WORK REQUIRED
When "should" occurs in a line of the material, copy that line.

SOURCE MATERIAL
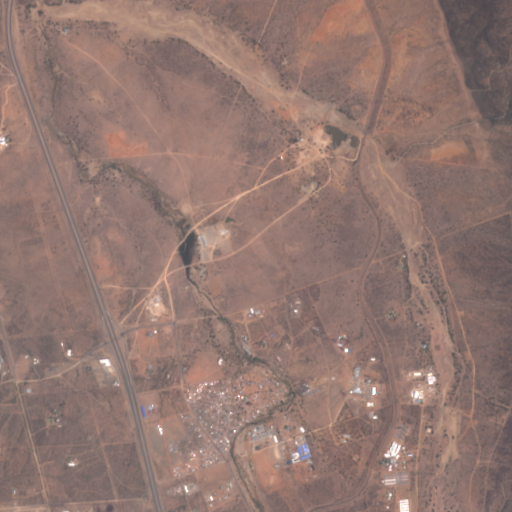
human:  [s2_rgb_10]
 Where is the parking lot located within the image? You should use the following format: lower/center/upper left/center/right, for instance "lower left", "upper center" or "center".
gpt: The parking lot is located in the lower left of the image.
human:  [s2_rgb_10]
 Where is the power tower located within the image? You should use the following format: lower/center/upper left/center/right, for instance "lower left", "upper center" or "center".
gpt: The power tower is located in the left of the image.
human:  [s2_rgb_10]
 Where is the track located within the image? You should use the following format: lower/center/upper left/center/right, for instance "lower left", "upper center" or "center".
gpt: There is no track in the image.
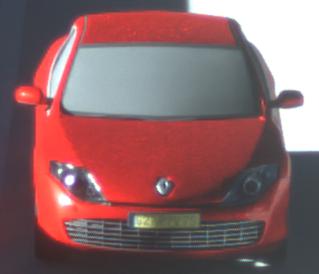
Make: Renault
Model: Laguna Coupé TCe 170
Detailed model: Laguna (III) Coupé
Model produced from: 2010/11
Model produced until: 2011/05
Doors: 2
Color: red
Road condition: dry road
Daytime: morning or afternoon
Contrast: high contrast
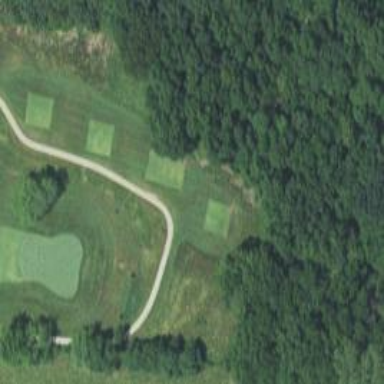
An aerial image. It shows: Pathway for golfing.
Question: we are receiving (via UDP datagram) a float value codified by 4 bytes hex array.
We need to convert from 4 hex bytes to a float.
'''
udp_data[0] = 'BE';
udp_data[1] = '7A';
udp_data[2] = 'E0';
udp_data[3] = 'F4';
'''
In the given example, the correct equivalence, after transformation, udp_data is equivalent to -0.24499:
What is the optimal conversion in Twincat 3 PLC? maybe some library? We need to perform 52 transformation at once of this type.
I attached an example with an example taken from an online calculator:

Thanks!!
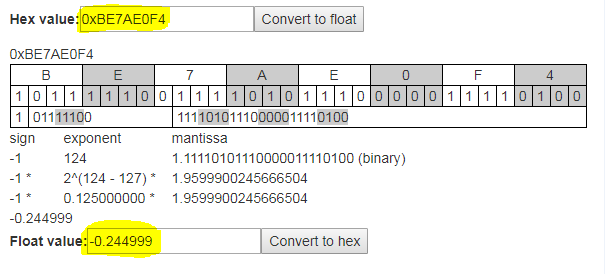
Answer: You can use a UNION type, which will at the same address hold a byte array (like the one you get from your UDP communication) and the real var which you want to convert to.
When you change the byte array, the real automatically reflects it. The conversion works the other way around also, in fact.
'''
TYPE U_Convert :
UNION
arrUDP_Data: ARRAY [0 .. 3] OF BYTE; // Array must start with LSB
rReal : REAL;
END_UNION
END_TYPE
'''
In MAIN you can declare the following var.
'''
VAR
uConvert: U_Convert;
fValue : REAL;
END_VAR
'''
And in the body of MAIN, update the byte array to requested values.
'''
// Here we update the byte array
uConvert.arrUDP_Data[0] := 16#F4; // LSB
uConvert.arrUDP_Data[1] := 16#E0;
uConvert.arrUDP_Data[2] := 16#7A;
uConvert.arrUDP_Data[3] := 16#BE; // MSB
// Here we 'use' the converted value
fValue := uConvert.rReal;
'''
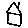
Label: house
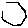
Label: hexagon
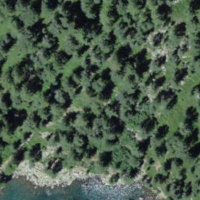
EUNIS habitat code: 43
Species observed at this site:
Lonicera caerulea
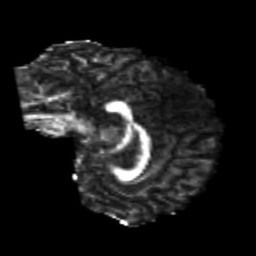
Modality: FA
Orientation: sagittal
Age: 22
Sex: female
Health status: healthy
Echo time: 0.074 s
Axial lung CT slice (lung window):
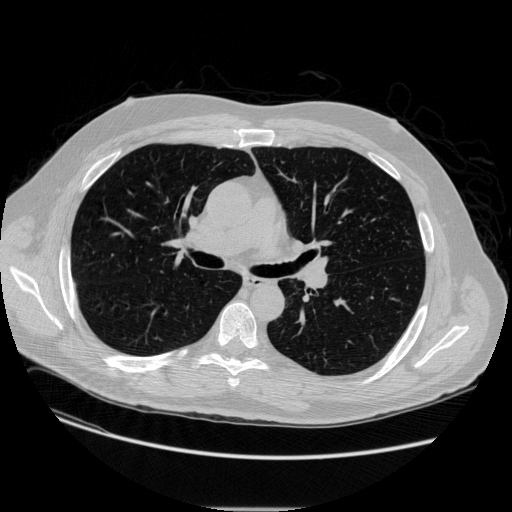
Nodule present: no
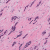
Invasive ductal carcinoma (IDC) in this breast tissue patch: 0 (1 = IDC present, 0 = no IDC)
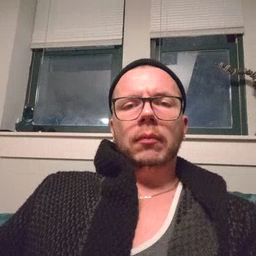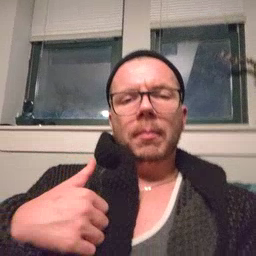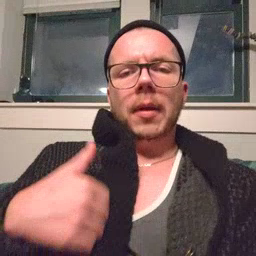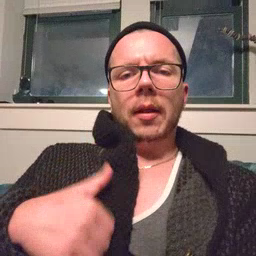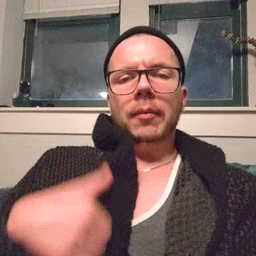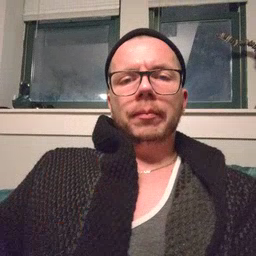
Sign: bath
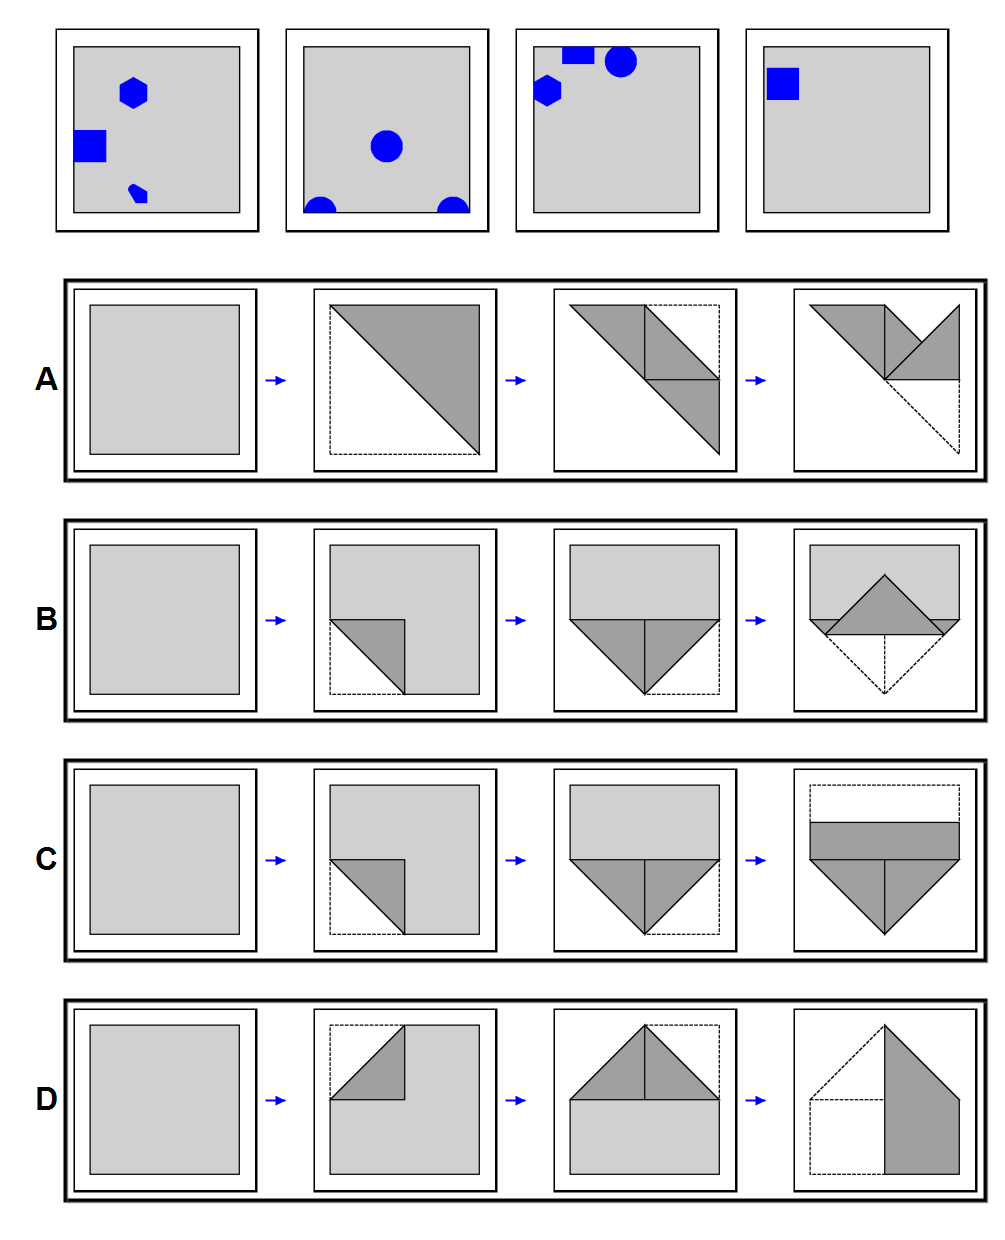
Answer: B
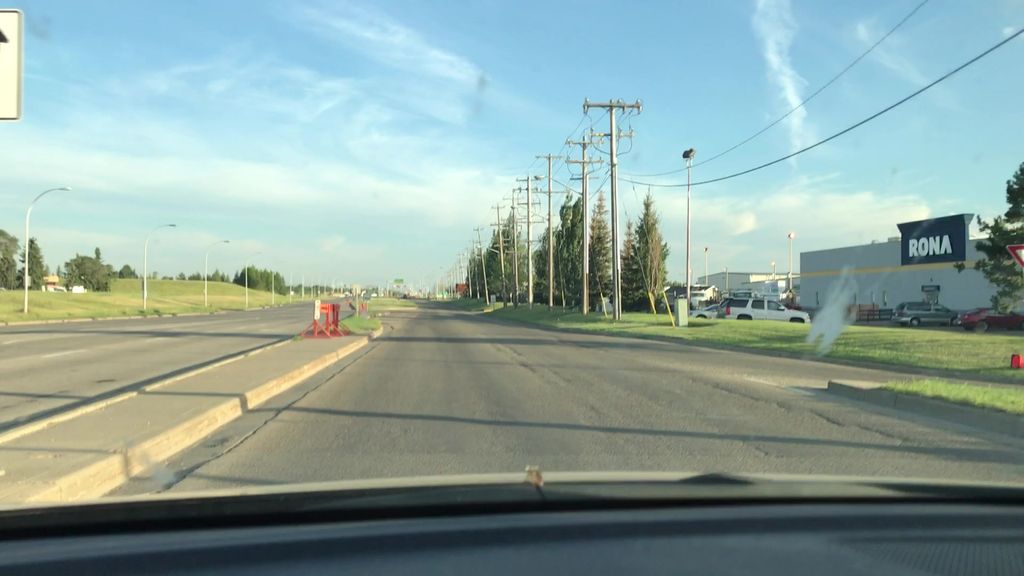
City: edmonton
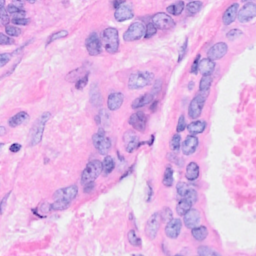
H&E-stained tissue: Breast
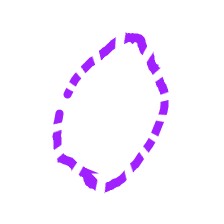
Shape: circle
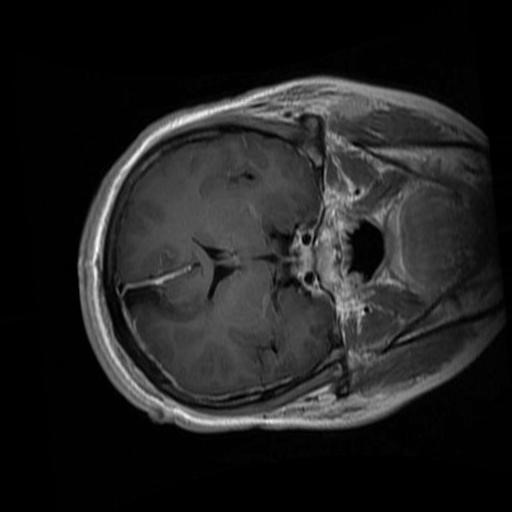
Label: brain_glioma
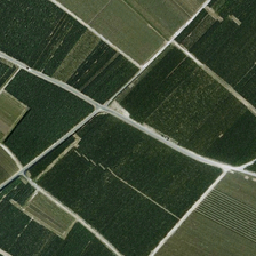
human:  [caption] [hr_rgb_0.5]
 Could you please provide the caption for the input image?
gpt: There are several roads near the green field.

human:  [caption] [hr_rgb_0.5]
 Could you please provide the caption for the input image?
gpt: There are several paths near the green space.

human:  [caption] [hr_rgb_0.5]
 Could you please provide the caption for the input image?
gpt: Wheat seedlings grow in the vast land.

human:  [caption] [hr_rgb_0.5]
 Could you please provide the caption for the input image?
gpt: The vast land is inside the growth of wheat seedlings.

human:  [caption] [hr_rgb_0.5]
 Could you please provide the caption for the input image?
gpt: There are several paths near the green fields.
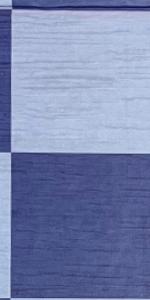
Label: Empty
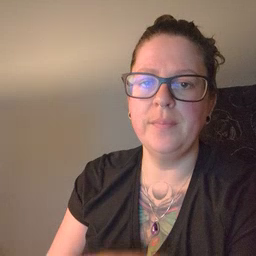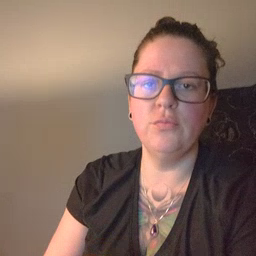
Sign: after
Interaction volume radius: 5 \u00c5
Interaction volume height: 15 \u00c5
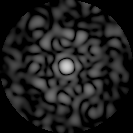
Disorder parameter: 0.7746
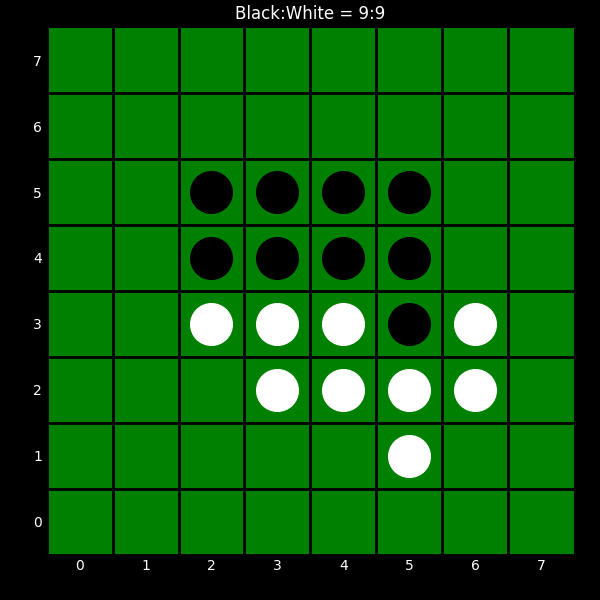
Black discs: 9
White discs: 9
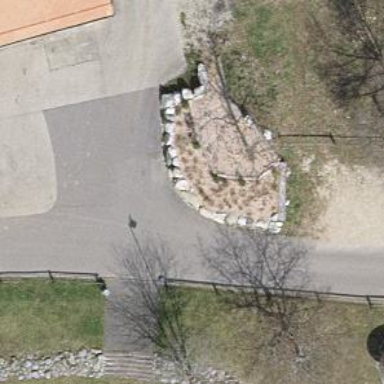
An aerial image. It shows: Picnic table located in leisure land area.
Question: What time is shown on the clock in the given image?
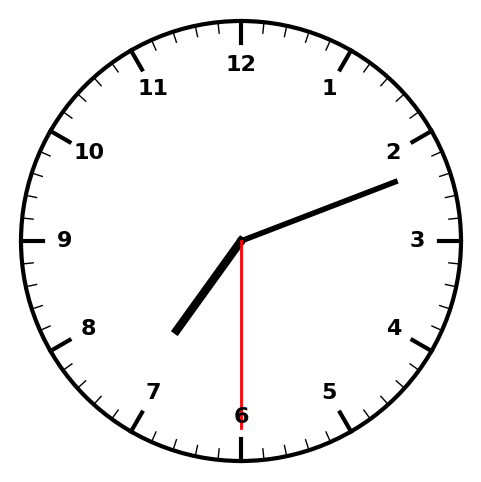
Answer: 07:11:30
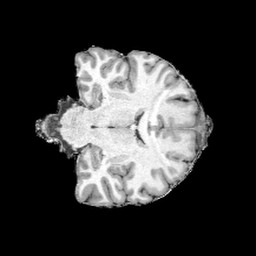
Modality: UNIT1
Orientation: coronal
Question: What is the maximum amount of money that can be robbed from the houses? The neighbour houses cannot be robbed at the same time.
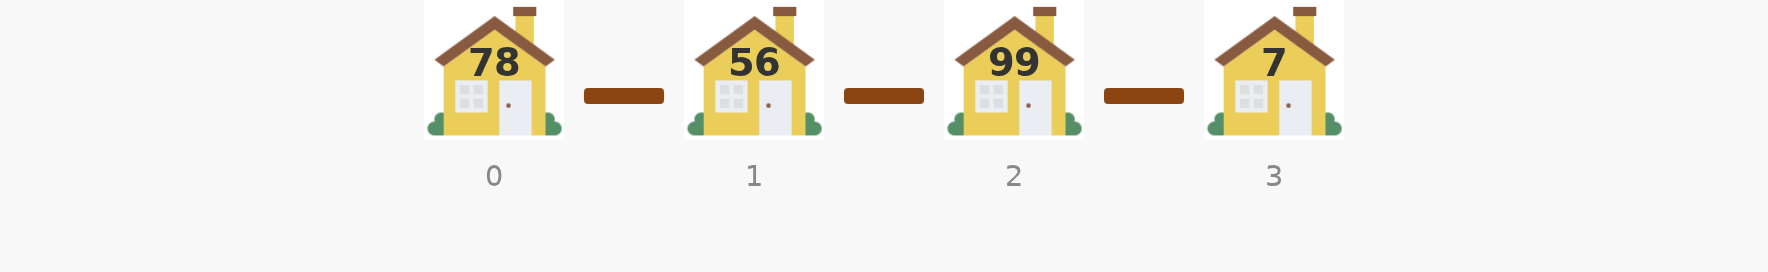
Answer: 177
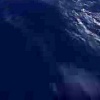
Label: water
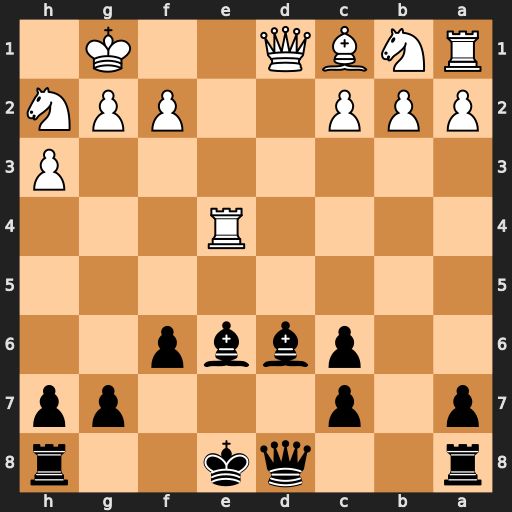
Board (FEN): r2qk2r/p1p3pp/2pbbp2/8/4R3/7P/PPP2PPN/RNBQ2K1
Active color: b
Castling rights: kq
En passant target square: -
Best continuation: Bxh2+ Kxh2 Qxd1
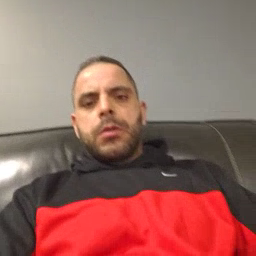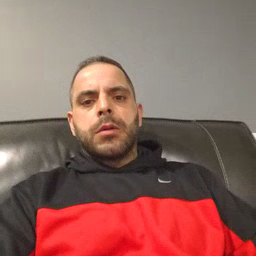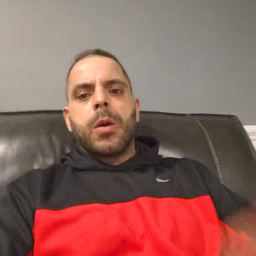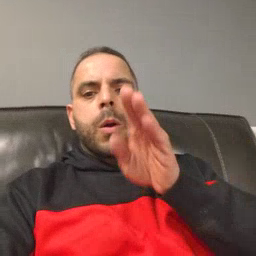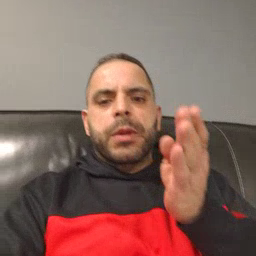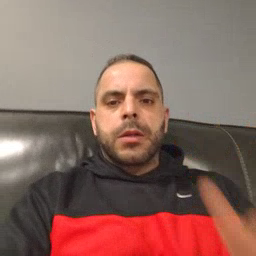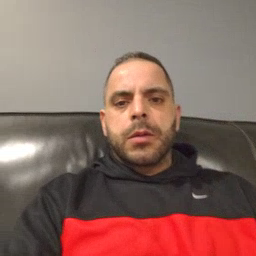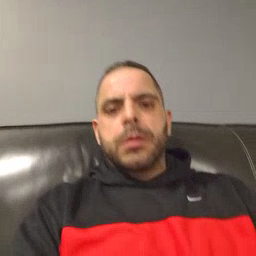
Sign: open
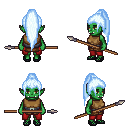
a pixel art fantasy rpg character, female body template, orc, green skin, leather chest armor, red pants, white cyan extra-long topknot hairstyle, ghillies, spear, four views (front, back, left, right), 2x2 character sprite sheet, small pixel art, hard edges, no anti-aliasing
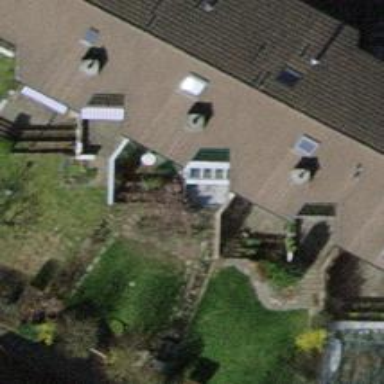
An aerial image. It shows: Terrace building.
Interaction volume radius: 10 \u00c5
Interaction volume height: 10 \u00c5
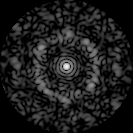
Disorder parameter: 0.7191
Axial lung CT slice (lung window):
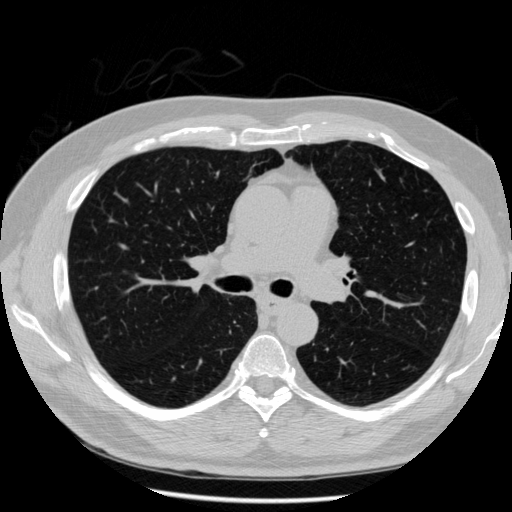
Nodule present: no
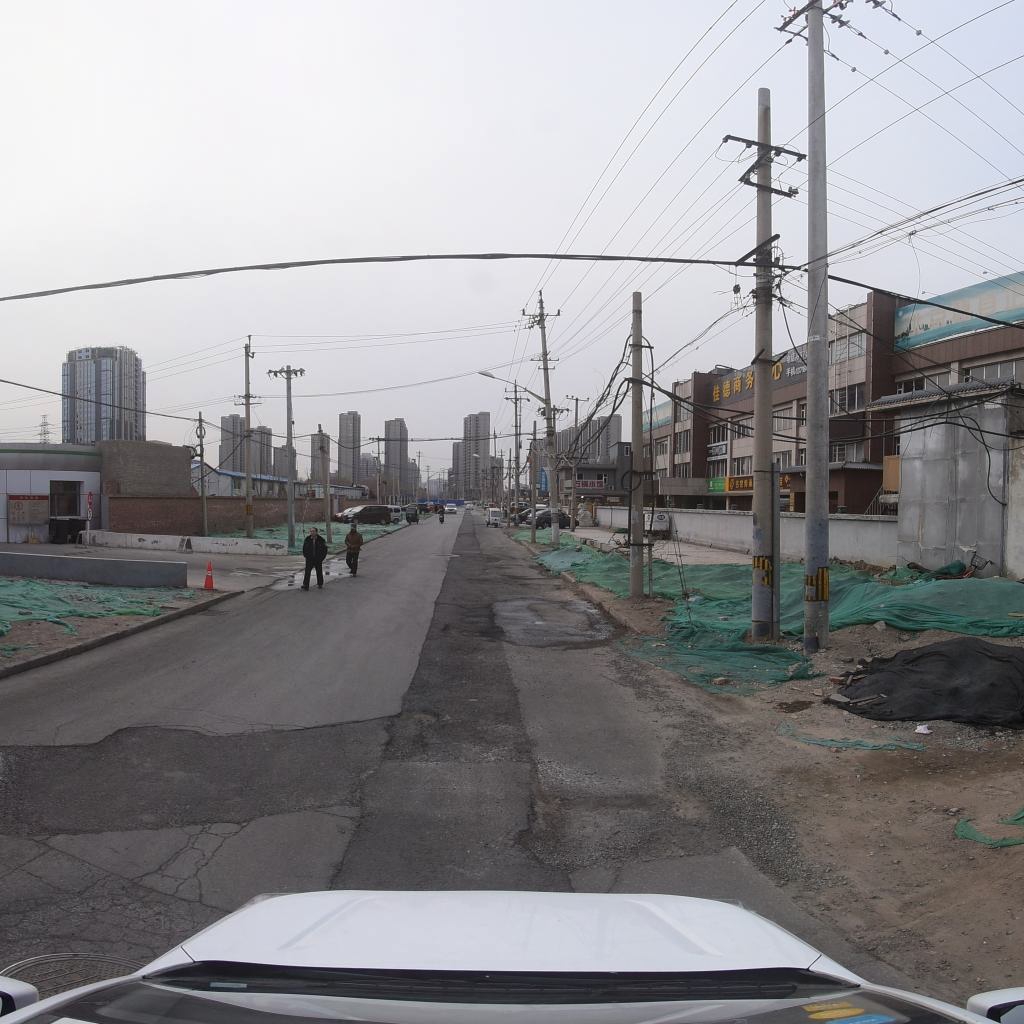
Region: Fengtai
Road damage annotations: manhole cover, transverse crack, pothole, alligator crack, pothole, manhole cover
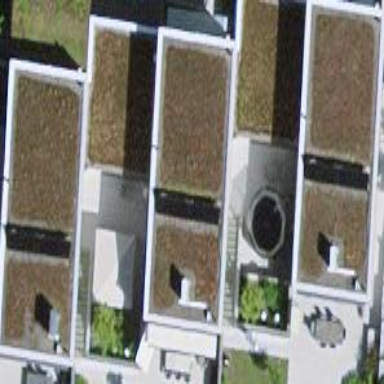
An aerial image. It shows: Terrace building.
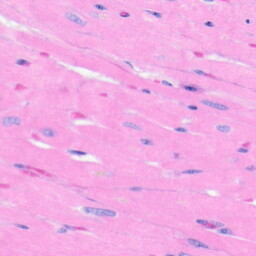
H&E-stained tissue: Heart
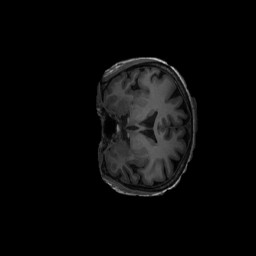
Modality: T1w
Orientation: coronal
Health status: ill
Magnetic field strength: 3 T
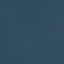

RESPONSE AREA
 Where is the parking lot located within the image? You should use the following format: lower/center/upper left/center/right, for instance "lower left", "upper center" or "center".
 Where is the power tower located within the image? You should use the following format: lower/center/upper left/center/right, for instance "lower left", "upper center" or "center".
 Where is the track located within the image? You should use the following format: lower/center/upper left/center/right, for instance "lower left", "upper center" or "center".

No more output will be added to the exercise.